* **What you should do**:
Write out every line below with no difference at all.

:: Exercise data

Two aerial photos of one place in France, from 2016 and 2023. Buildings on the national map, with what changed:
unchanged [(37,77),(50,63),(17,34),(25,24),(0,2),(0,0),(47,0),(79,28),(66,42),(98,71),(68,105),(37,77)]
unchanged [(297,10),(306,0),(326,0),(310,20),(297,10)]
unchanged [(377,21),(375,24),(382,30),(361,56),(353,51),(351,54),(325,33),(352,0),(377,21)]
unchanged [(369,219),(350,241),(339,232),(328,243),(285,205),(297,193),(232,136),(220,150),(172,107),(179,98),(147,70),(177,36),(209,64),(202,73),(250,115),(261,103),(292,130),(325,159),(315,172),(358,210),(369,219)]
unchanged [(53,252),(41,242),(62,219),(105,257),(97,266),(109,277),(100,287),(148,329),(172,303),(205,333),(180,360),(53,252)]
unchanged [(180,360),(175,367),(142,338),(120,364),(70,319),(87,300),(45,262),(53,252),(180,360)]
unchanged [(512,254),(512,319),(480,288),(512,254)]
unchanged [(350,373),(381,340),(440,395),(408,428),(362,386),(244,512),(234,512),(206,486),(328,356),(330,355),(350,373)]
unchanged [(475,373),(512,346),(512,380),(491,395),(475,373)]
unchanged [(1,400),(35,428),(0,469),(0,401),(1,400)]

::::

* **Exercise result**:
Two aerial photos of one place in France, from 2016 and 2023. Buildings on the national map, with what changed:
unchanged [(37,77),(50,63),(17,34),(25,24),(0,2),(0,0),(47,0),(79,28),(66,42),(98,71),(68,105),(37,77)]
unchanged [(297,10),(306,0),(326,0),(310,20),(297,10)]
unchanged [(377,21),(375,24),(382,30),(361,56),(353,51),(351,54),(325,33),(352,0),(377,21)]
unchanged [(369,219),(350,241),(339,232),(328,243),(285,205),(297,193),(232,136),(220,150),(172,107),(179,98),(147,70),(177,36),(209,64),(202,73),(250,115),(261,103),(292,130),(325,159),(315,172),(358,210),(369,219)]
unchanged [(53,252),(41,242),(62,219),(105,257),(97,266),(109,277),(100,287),(148,329),(172,303),(205,333),(180,360),(53,252)]
unchanged [(180,360),(175,367),(142,338),(120,364),(70,319),(87,300),(45,262),(53,252),(180,360)]
unchanged [(512,254),(512,319),(480,288),(512,254)]
unchanged [(350,373),(381,340),(440,395),(408,428),(362,386),(244,512),(234,512),(206,486),(328,356),(330,355),(350,373)]
unchanged [(475,373),(512,346),(512,380),(491,395),(475,373)]
unchanged [(1,400),(35,428),(0,469),(0,401),(1,400)]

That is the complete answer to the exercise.